Data excerpts:
^^^^

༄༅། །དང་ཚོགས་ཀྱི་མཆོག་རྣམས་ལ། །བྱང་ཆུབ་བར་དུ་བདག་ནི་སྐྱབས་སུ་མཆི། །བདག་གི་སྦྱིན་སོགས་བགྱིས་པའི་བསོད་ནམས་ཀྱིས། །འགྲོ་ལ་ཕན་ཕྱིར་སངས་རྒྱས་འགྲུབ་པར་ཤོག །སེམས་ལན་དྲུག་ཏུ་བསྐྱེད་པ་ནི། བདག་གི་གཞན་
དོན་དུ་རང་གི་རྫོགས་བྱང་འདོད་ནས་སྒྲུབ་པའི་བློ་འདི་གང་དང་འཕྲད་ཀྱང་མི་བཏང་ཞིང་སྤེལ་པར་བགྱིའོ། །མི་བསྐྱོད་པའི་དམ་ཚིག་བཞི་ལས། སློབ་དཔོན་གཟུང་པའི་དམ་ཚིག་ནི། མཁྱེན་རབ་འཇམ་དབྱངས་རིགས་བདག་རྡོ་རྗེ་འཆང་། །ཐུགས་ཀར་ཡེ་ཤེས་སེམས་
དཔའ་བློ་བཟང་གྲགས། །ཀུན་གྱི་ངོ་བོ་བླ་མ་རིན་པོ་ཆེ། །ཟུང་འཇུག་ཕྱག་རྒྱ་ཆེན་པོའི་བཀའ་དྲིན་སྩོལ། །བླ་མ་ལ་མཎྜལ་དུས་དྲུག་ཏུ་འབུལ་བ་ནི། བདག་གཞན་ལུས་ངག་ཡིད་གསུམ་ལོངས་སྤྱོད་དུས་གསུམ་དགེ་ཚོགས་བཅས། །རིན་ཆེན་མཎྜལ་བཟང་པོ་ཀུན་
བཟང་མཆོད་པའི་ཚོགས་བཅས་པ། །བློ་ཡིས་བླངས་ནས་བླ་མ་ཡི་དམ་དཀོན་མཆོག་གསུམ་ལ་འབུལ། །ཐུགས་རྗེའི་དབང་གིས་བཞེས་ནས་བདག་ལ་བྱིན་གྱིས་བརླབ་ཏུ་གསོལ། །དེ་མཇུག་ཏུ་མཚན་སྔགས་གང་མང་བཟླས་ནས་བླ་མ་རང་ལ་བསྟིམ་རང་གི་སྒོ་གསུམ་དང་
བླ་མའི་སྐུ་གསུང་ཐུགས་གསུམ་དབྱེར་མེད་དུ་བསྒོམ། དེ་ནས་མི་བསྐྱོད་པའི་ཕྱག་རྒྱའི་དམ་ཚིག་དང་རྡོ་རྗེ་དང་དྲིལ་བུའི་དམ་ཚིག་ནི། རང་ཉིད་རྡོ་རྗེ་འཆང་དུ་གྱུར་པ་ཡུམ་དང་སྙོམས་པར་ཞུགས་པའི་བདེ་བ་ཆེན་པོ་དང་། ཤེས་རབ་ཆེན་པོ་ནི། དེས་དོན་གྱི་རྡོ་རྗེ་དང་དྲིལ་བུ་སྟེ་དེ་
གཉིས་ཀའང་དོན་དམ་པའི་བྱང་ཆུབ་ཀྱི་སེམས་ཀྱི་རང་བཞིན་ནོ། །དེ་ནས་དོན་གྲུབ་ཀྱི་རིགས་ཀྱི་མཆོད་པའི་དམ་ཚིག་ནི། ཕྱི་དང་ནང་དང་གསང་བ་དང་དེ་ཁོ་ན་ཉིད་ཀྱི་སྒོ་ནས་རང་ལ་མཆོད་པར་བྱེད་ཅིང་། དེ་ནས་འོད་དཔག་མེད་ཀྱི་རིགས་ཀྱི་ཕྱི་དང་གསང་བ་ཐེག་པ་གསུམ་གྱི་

^^^^

* **Task to carry out**
Reproduce every record in full, keeping each one exactly as it reads.

* **Result below**
༄༅། །དང་ཚོགས་ཀྱི་མཆོག་རྣམས་ལ། །བྱང་ཆུབ་བར་དུ་བདག་ནི་སྐྱབས་སུ་མཆི། །བདག་གི་སྦྱིན་སོགས་བགྱིས་པའི་བསོད་ནམས་ཀྱིས། །འགྲོ་ལ་ཕན་ཕྱིར་སངས་རྒྱས་འགྲུབ་པར་ཤོག །སེམས་ལན་དྲུག་ཏུ་བསྐྱེད་པ་ནི། བདག་གི་གཞན་
དོན་དུ་རང་གི་རྫོགས་བྱང་འདོད་ནས་སྒྲུབ་པའི་བློ་འདི་གང་དང་འཕྲད་ཀྱང་མི་བཏང་ཞིང་སྤེལ་པར་བགྱིའོ། །མི་བསྐྱོད་པའི་དམ་ཚིག་བཞི་ལས། སློབ་དཔོན་གཟུང་པའི་དམ་ཚིག་ནི། མཁྱེན་རབ་འཇམ་དབྱངས་རིགས་བདག་རྡོ་རྗེ་འཆང་། །ཐུགས་ཀར་ཡེ་ཤེས་སེམས་
དཔའ་བློ་བཟང་གྲགས། །ཀུན་གྱི་ངོ་བོ་བླ་མ་རིན་པོ་ཆེ། །ཟུང་འཇུག་ཕྱག་རྒྱ་ཆེན་པོའི་བཀའ་དྲིན་སྩོལ། །བླ་མ་ལ་མཎྜལ་དུས་དྲུག་ཏུ་འབུལ་བ་ནི། བདག་གཞན་ལུས་ངག་ཡིད་གསུམ་ལོངས་སྤྱོད་དུས་གསུམ་དགེ་ཚོགས་བཅས། །རིན་ཆེན་མཎྜལ་བཟང་པོ་ཀུན་
བཟང་མཆོད་པའི་ཚོགས་བཅས་པ། །བློ་ཡིས་བླངས་ནས་བླ་མ་ཡི་དམ་དཀོན་མཆོག་གསུམ་ལ་འབུལ། །ཐུགས་རྗེའི་དབང་གིས་བཞེས་ནས་བདག་ལ་བྱིན་གྱིས་བརླབ་ཏུ་གསོལ། །དེ་མཇུག་ཏུ་མཚན་སྔགས་གང་མང་བཟླས་ནས་བླ་མ་རང་ལ་བསྟིམ་རང་གི་སྒོ་གསུམ་དང་
བླ་མའི་སྐུ་གསུང་ཐུགས་གསུམ་དབྱེར་མེད་དུ་བསྒོམ། དེ་ནས་མི་བསྐྱོད་པའི་ཕྱག་རྒྱའི་དམ་ཚིག་དང་རྡོ་རྗེ་དང་དྲིལ་བུའི་དམ་ཚིག་ནི། རང་ཉིད་རྡོ་རྗེ་འཆང་དུ་གྱུར་པ་ཡུམ་དང་སྙོམས་པར་ཞུགས་པའི་བདེ་བ་ཆེན་པོ་དང་། ཤེས་རབ་ཆེན་པོ་ནི། དེས་དོན་གྱི་རྡོ་རྗེ་དང་དྲིལ་བུ་སྟེ་དེ་
གཉིས་ཀའང་དོན་དམ་པའི་བྱང་ཆུབ་ཀྱི་སེམས་ཀྱི་རང་བཞིན་ནོ། །དེ་ནས་དོན་གྲུབ་ཀྱི་རིགས་ཀྱི་མཆོད་པའི་དམ་ཚིག་ནི། ཕྱི་དང་ནང་དང་གསང་བ་དང་དེ་ཁོ་ན་ཉིད་ཀྱི་སྒོ་ནས་རང་ལ་མཆོད་པར་བྱེད་ཅིང་། དེ་ནས་འོད་དཔག་མེད་ཀྱི་རིགས་ཀྱི་ཕྱི་དང་གསང་བ་ཐེག་པ་གསུམ་གྱི་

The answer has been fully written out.